— Ради бога, Давид, — сказал он железным тоном, — давай возьмем себя в руки. Я должен закончить операцию. И эта девочка… она имеет право рассчитывать на нас… на то, что мы сделаем для нее все возможное.
Он перегнулся над вскрытым животом, не прекращая работать, и, когда он закончил, приготовился к тому, чтобы зашить разрез. Ждать дальше не приходилось, и я предложил наложить швы вместо него. Хишин жестко взглянул на меня, словно видя впервые, запавшие его глаза горели на побелевшем лице. Минута ему понадобилась, чтобы хоть как-то прийти в себя. Затем он произнес:
— Хорошо. Действительно — почему бы и нет? Накаш позаботится об анестезии. — После этого он положил хирургические ножницы на поднос, протянул медсестре руки, чтобы она сняла с него перчатки и поспешил наружу.
Я начал зашивать огромный разрез, прислушиваясь к тому, что происходило в палате скорой помощи, хотя и знал, что тяжелые двери, изолировавшие все звуки, не позволяли услышать абсолютно ничего. Я предложил Накашу выглянуть наружу и посмотреть, что происходит, но он помахал своею темной рукой и твердо сказал:
— Нет, Бенци, давай подождем. Сейчас не время их беспокоить. — Это было сказано так, словно он боялся того, что мог увидеть за соседней дверью.
И я продолжил внимательно и аккуратно зашивать огромную рану, стараясь изо всех сил, чтобы длинный шов на животе молодой женщины был как можно менее заметен. В конце концов я смог дать знак доктору Накашу, что операция окончена и он может проверить, вернулась ли больная после «полета» на землю по состоянию ее зрачков, прежде чем одеться и отправиться домой.
В коридоре я почувствовал, как на меня навалилась такая усталость, накопившаяся за этот день, что я вынужден был на мгновение буквально упасть на один из маленьких стульчиков, чтобы заполнить анкету анестезиолога и попросить медсестру — ту, с лицом невинного ангела, — пойти и узнать, чем все это кончилось в палате скорой помощи, находившейся в конце коридора. Она ушла и тут же вернулась. И произнесла, не глядя на меня:
— Доктор Рубин… мне очень жаль…
Я вскочил и сам помчался туда. Глаза мои немедленно остановились на кровати, втиснутой между монитором и большим старым дефибриллятором. Тело директора больницы было покрыто белой простыней, но на лицо был наброшен стерильный зеленый лоскут, который вызвал у меня в памяти картину того, как эти двое на базаре тканей в Нью-Дели стояли возле прилавка, заваленного шелковыми изделиями, и она непрерывно примеряла один шелковый шарф за другим, в то время как он терпеливо ждал, пока она закончит, и на лице его застыло выражение усталости и скуки, в ожидании, пока можно будет двинуться дальше. Но дождался он лишь того, что она, прежде чем он успел открыть рот, накинула ему на голову шарф из зеленого шелка, затянув концы ему под подбородком, как это делают пожилые леди; к звонкому смеху, которым она разразилась, тут же присоединились случайные зеваки.

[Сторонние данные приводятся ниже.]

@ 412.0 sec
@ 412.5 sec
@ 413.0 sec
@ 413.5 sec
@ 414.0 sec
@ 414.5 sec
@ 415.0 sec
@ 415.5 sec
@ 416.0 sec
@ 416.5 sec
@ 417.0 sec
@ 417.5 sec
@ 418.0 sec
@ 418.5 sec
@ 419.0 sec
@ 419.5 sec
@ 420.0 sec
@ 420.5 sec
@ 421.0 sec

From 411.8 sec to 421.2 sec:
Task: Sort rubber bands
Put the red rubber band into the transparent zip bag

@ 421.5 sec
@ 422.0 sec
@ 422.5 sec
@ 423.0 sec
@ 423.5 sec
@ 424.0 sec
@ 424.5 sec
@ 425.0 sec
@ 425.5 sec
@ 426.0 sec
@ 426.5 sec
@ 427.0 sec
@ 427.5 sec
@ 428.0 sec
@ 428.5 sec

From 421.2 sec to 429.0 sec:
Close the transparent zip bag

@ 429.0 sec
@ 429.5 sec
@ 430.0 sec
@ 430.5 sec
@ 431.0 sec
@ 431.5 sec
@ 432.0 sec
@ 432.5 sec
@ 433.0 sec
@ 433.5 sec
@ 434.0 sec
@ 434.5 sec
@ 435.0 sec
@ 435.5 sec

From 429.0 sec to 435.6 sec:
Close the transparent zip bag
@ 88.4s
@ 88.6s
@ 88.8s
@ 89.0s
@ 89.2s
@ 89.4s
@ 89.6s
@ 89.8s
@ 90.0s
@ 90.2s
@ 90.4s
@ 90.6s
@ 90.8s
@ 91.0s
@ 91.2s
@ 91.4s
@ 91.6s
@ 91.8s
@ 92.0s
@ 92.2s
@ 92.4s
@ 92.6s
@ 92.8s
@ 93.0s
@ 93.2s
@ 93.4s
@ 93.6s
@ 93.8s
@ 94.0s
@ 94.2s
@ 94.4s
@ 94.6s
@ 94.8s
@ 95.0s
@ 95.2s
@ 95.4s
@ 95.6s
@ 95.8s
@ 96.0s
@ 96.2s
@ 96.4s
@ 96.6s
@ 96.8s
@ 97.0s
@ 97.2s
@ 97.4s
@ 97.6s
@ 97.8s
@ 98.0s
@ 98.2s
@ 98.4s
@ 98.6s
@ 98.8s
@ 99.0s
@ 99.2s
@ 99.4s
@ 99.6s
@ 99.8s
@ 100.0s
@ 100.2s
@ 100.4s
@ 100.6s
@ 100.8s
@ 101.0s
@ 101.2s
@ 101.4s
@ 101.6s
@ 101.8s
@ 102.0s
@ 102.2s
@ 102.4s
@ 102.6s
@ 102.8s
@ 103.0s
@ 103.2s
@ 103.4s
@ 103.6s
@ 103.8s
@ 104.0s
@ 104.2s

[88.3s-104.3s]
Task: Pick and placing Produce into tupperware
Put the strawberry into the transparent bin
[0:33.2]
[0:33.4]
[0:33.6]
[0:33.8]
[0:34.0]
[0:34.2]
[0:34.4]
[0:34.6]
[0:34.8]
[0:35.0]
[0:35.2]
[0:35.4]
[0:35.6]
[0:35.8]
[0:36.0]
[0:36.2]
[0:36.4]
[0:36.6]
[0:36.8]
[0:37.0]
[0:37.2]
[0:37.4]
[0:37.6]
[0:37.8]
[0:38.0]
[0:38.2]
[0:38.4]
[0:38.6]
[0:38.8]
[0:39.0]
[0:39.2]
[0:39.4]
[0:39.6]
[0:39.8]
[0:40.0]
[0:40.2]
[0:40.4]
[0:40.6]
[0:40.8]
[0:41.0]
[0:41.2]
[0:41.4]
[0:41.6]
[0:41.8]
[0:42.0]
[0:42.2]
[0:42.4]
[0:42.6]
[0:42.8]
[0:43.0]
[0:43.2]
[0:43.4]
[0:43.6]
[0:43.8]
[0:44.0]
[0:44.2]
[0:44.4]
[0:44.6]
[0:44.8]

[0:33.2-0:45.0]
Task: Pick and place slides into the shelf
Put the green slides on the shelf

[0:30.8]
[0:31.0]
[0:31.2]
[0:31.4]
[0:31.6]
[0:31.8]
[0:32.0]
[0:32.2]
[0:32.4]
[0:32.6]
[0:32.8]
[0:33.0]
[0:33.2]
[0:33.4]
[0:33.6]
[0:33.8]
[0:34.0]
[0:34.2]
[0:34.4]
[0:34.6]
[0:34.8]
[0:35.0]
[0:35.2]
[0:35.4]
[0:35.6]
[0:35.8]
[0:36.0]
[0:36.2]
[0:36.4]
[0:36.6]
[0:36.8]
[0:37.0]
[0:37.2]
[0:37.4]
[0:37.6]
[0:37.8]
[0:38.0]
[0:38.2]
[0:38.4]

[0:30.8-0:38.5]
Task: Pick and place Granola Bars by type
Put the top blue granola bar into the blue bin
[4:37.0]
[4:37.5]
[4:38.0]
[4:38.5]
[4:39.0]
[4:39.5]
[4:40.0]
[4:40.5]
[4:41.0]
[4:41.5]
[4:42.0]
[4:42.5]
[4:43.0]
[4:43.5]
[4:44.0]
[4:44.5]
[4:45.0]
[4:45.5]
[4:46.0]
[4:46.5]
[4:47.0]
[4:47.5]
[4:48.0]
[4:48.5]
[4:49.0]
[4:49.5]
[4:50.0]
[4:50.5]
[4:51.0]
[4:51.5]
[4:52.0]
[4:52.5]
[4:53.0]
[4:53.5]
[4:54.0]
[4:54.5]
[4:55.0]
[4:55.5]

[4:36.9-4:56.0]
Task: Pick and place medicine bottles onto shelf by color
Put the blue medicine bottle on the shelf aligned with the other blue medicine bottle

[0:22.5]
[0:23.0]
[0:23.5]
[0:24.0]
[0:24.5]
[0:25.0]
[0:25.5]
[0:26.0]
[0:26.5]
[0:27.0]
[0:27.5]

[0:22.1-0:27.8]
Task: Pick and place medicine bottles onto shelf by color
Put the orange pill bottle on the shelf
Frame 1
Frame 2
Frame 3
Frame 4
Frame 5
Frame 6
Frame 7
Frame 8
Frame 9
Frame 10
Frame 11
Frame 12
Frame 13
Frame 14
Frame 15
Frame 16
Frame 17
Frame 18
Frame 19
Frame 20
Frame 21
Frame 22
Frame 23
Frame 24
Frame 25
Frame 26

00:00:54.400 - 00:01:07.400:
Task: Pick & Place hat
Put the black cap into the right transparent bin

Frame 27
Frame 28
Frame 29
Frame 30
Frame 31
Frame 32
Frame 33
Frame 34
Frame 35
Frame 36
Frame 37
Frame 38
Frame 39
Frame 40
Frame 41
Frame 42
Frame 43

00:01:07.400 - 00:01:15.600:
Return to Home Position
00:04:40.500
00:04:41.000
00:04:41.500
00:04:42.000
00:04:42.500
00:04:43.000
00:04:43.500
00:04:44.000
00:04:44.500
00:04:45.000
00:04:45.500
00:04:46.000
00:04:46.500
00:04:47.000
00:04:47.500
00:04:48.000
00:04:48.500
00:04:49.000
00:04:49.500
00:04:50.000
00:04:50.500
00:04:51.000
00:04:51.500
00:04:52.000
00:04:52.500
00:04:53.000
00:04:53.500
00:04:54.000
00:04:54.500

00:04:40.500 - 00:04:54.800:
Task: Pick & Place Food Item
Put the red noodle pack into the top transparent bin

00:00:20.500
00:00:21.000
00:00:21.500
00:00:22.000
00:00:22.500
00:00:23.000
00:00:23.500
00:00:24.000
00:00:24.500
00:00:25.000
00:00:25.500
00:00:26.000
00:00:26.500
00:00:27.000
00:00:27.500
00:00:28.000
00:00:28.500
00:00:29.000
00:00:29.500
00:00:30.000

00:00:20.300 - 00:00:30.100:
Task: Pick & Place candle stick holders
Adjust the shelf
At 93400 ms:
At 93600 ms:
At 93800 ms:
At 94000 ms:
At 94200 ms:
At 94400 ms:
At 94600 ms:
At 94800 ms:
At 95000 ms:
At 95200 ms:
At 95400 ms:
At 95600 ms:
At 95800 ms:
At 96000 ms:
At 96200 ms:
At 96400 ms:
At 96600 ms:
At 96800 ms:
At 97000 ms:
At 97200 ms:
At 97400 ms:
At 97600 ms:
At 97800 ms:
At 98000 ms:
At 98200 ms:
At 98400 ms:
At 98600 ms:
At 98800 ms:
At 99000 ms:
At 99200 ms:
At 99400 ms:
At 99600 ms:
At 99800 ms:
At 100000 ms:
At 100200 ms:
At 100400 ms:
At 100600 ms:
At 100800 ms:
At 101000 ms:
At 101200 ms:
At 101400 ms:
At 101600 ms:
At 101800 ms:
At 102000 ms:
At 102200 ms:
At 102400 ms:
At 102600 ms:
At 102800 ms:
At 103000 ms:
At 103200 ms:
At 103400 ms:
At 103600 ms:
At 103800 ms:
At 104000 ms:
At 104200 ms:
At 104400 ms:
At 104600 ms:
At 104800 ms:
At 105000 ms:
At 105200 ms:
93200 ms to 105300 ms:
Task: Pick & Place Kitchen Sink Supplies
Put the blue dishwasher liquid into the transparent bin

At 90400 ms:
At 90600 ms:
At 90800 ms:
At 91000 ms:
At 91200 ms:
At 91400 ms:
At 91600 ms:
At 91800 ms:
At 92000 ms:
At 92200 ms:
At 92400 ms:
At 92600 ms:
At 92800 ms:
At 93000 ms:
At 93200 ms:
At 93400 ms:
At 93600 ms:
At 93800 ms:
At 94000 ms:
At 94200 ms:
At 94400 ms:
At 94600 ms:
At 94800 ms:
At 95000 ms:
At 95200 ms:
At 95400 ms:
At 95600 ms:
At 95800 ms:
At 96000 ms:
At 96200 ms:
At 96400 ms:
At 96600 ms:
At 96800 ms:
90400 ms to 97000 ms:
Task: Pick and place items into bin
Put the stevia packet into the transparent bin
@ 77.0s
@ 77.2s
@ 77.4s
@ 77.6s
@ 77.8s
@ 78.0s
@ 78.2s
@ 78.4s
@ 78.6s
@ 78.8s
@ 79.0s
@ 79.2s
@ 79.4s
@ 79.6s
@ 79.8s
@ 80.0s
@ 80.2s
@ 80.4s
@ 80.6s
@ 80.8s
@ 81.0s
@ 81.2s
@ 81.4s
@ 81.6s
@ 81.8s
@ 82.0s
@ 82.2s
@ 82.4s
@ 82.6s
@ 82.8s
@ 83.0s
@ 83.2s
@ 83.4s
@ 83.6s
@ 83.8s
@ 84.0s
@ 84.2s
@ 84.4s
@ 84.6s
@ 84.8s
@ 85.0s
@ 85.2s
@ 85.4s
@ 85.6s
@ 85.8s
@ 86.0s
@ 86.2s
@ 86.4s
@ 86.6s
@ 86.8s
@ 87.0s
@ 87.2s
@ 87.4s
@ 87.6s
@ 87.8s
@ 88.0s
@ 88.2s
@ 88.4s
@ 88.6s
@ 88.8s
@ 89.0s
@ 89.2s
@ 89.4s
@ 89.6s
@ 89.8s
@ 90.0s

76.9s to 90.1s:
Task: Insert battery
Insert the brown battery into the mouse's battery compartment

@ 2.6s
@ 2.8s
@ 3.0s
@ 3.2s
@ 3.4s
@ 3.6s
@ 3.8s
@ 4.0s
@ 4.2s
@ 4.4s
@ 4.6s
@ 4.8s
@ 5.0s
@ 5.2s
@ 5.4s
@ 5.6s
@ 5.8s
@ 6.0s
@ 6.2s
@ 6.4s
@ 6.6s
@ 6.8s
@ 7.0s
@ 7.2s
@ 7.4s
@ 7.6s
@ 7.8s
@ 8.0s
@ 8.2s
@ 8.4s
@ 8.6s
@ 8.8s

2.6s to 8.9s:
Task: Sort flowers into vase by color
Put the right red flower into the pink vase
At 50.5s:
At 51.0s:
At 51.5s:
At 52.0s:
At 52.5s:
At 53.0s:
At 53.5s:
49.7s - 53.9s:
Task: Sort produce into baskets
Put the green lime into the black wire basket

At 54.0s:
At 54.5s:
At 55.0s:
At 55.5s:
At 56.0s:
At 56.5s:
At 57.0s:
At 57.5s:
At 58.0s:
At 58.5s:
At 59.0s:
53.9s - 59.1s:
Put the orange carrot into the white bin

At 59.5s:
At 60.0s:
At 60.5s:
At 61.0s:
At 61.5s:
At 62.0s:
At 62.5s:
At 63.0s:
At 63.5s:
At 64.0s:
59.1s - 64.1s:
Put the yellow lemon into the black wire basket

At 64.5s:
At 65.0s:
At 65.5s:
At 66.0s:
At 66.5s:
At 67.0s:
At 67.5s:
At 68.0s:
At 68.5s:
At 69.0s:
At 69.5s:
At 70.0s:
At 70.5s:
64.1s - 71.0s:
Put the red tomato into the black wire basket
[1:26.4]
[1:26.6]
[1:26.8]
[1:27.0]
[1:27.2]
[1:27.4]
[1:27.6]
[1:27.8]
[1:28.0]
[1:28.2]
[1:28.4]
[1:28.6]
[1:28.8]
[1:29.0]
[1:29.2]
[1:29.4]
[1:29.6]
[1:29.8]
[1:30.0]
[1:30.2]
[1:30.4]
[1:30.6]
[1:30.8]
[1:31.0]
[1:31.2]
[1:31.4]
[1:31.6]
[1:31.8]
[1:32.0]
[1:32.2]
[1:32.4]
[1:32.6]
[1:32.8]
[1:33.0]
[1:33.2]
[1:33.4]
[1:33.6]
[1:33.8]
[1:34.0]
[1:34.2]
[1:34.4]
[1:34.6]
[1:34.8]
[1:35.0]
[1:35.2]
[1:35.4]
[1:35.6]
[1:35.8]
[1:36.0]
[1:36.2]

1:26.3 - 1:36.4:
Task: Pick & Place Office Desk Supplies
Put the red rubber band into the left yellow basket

А теперь он был мертв. Острая боль сжала мне сердце. А добрые его друзья, Хишин и Левин, снедаемые чувством потери и вины, должны были теперь же сообщить эту ужасную весть его жене — женщине, которая не способна была прожить без него даже одного дня. Накаш сейчас стоял позади меня; на шее у него был галстук. На какое-то мгновение он заколебался, но затем любопытство — или что это было — взяло верх и, подойдя к мертвому телу, лежавшему посреди врачебных принадлежностей, он приподнял зеленый лоскут и стал смотреть на остывшее лицо Лазара, шевеля губами и, наверное, мысленно прощаясь с ним. Ведь Накаш прибыл к нам с Востока и, вне зависимости от огромного своего опыта работы анестезиологом, в глубине души оставался фаталистом, и когда смерть забирала кого-то из близких ему, он просто принимал это, принимал как есть, целиком, без вопросов, без жалоб и без искушения проклясть кого-либо.